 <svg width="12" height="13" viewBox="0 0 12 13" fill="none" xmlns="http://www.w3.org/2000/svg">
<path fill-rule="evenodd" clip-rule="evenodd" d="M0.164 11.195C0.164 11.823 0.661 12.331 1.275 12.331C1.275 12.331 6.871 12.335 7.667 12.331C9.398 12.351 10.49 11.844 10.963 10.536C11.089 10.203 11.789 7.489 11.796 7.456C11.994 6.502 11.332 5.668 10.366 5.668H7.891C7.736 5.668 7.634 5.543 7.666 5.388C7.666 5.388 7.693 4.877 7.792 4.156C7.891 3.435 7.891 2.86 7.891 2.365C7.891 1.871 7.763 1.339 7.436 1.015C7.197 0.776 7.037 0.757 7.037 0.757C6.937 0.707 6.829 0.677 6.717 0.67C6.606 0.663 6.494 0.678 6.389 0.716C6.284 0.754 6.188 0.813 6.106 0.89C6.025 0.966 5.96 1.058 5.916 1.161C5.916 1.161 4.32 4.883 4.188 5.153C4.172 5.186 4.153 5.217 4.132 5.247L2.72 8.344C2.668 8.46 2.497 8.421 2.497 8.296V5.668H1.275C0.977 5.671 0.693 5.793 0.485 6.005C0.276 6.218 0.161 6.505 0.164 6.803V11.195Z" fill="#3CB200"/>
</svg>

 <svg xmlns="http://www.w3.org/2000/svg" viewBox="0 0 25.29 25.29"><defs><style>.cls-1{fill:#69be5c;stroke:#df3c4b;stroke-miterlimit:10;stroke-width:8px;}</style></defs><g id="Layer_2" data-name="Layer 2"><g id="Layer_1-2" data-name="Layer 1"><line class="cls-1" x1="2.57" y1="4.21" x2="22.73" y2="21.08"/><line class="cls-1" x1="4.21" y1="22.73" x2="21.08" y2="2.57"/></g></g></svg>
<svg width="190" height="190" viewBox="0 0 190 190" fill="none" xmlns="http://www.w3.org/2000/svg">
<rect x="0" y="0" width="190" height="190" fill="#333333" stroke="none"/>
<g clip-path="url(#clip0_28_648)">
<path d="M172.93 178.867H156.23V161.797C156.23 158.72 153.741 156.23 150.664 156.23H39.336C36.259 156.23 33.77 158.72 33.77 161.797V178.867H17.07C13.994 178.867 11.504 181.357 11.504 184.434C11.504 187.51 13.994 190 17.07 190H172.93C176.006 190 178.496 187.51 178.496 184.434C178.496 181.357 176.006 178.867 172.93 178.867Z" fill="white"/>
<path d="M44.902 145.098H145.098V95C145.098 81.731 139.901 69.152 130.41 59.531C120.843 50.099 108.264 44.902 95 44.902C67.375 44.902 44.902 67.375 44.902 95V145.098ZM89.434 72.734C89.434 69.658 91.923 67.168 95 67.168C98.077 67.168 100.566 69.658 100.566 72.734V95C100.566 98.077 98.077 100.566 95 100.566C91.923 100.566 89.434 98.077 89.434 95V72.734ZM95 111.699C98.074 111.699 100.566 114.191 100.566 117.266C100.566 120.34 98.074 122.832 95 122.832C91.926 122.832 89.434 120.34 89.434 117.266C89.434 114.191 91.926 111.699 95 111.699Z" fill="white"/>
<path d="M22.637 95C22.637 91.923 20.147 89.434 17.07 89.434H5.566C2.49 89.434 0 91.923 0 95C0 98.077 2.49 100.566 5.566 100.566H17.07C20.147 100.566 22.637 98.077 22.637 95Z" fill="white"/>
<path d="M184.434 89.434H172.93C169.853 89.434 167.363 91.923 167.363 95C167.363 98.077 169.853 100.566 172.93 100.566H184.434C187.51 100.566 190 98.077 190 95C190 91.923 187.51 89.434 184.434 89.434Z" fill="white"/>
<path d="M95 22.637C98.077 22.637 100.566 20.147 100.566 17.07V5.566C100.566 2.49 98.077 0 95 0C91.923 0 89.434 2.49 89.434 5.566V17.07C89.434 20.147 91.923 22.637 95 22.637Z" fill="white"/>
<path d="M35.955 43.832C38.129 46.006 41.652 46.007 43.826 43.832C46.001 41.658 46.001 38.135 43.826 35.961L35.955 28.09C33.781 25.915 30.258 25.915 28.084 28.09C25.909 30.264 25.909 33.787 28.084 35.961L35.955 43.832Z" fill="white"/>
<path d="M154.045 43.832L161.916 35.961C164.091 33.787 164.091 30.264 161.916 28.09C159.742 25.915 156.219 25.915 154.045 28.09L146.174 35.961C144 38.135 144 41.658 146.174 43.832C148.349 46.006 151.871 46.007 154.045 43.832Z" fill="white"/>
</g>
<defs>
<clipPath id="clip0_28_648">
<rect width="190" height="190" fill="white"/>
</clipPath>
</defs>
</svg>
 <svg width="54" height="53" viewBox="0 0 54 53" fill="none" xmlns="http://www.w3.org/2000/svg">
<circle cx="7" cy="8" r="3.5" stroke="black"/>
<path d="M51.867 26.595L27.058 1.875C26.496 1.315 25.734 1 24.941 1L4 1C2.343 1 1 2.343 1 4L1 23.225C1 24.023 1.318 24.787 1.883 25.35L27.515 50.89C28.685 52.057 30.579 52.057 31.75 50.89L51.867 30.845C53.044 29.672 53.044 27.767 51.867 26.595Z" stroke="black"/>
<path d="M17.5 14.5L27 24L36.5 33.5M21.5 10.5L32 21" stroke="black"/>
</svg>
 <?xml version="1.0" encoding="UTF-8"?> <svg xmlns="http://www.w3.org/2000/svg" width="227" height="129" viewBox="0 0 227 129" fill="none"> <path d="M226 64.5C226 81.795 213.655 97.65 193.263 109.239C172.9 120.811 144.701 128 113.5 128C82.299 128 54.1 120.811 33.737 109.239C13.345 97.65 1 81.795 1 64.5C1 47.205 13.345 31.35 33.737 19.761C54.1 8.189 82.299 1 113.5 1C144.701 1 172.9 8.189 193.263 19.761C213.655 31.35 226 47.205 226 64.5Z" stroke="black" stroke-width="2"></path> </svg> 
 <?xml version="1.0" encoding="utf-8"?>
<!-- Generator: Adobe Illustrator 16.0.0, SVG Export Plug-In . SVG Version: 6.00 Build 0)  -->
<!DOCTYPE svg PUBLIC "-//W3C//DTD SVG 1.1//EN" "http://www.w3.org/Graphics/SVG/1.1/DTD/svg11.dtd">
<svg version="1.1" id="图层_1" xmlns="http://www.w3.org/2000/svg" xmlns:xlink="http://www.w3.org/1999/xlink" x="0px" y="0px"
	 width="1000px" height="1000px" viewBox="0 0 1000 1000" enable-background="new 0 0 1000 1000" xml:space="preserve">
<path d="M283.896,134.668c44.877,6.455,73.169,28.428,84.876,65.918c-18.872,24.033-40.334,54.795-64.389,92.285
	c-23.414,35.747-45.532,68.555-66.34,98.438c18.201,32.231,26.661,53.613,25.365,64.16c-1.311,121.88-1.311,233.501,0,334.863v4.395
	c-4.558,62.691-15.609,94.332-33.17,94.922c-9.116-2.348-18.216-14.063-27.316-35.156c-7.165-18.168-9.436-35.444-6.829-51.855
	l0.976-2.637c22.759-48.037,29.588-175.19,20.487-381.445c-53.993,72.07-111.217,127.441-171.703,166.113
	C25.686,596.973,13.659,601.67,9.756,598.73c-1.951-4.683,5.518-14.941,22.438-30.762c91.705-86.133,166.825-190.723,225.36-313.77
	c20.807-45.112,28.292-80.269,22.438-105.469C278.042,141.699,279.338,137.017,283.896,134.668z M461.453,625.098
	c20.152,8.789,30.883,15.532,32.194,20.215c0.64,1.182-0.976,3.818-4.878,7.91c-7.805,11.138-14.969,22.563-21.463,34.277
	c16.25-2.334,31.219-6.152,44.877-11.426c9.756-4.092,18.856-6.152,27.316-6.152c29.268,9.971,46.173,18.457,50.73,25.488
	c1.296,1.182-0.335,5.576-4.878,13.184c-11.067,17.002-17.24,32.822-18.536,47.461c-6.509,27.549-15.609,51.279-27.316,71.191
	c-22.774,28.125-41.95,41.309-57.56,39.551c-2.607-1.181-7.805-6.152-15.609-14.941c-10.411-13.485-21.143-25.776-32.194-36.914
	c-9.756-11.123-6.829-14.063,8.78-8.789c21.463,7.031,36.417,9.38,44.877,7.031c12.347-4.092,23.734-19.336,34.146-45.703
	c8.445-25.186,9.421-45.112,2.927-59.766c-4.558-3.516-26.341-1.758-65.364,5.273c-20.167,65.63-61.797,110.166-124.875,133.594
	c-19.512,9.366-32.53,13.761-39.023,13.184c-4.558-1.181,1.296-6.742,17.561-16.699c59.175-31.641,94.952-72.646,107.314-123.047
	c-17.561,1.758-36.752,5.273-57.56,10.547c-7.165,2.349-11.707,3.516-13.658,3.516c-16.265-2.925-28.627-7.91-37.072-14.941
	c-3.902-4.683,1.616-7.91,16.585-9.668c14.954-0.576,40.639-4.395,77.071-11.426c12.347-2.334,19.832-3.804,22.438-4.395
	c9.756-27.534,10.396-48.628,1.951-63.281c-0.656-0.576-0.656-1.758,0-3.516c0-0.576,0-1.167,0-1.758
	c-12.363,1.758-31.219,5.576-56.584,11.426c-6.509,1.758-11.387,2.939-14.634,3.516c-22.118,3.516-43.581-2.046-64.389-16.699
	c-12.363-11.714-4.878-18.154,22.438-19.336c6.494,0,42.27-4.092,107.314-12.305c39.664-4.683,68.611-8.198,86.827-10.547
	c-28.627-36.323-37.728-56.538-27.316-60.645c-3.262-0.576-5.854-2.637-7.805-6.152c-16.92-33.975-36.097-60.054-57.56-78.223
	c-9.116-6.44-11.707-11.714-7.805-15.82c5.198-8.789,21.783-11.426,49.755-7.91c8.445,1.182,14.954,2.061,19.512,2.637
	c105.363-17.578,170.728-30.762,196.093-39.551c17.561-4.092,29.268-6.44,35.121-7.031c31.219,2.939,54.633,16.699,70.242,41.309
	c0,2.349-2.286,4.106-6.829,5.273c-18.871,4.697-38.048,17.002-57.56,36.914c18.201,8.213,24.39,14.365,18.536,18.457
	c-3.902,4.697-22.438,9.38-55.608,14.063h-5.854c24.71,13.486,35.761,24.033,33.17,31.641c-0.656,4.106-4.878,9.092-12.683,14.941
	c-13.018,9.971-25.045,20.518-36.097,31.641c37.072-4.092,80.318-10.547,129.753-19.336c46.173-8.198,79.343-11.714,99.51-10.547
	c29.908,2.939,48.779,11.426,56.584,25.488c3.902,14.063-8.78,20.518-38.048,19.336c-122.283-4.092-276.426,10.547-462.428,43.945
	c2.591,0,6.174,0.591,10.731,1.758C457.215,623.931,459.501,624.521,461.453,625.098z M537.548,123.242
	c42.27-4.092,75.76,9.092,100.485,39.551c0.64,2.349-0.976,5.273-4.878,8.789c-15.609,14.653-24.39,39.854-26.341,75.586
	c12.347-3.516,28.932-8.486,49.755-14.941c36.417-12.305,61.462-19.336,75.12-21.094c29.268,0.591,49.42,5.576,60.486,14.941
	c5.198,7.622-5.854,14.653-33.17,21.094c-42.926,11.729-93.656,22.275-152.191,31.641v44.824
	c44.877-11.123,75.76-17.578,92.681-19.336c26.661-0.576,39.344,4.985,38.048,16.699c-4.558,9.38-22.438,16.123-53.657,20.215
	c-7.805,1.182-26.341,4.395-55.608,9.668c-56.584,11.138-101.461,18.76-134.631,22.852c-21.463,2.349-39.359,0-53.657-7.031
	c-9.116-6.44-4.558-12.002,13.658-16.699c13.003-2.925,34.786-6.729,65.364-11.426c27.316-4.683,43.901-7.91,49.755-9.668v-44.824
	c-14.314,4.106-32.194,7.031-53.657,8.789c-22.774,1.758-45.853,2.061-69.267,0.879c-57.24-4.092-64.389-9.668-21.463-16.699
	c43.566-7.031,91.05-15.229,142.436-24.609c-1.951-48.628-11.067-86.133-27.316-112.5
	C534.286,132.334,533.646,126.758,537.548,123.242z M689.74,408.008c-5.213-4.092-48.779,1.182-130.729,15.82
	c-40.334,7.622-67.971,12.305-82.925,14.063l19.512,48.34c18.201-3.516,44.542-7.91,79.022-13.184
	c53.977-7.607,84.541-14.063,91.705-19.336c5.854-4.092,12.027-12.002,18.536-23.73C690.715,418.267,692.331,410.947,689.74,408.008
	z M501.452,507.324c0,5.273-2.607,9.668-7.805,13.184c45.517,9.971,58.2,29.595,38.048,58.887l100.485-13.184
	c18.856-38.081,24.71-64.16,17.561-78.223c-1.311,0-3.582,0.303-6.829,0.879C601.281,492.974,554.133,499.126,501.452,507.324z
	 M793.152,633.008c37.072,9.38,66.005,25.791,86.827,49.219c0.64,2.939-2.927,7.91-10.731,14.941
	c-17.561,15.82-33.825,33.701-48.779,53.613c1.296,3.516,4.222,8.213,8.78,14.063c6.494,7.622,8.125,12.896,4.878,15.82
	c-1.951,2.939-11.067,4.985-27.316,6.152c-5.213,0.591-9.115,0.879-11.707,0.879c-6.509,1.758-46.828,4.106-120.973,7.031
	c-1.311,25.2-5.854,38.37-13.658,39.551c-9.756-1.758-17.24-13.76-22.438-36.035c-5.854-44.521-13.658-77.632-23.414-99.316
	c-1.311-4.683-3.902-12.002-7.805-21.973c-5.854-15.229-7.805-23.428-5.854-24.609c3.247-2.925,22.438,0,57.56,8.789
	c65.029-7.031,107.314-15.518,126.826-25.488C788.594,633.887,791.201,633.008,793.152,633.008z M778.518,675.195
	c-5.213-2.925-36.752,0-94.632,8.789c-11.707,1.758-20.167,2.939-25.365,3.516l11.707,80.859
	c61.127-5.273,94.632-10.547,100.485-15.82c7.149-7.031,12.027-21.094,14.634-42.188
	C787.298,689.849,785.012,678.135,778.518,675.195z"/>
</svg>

* * * * * * *

Exercise directions —
Show all lines above that contain "width".

Answer for this exercise —
 <svg width="12" height="13" viewBox="0 0 12 13" fill="none" xmlns="http://www.w3.org/2000/svg">
 <svg xmlns="http://www.w3.org/2000/svg" viewBox="0 0 25.29 25.29"><defs><style>.cls-1{fill:#69be5c;stroke:#df3c4b;stroke-miterlimit:10;stroke-width:8px;}</style></defs><g id="Layer_2" data-name="Layer 2"><g id="Layer_1-2" data-name="Layer 1"><line class="cls-1" x1="2.57" y1="4.21" x2="22.73" y2="21.08"/><line class="cls-1" x1="4.21" y1="22.73" x2="21.08" y2="2.57"/></g></g></svg>
<svg width="190" height="190" viewBox="0 0 190 190" fill="none" xmlns="http://www.w3.org/2000/svg">
<rect x="0" y="0" width="190" height="190" fill="#333333" stroke="none"/>
<rect width="190" height="190" fill="white"/>
 <svg width="54" height="53" viewBox="0 0 54 53" fill="none" xmlns="http://www.w3.org/2000/svg">
 <?xml version="1.0" encoding="UTF-8"?> <svg xmlns="http://www.w3.org/2000/svg" width="227" height="129" viewBox="0 0 227 129" fill="none"> <path d="M226 64.5C226 81.795 213.655 97.65 193.263 109.239C172.9 120.811 144.701 128 113.5 128C82.299 128 54.1 120.811 33.737 109.239C13.345 97.65 1 81.795 1 64.5C1 47.205 13.345 31.35 33.737 19.761C54.1 8.189 82.299 1 113.5 1C144.701 1 172.9 8.189 193.263 19.761C213.655 31.35 226 47.205 226 64.5Z" stroke="black" stroke-width="2"></path> </svg> 
	 width="1000px" height="1000px" viewBox="0 0 1000 1000" enable-background="new 0 0 1000 1000" xml:space="preserve">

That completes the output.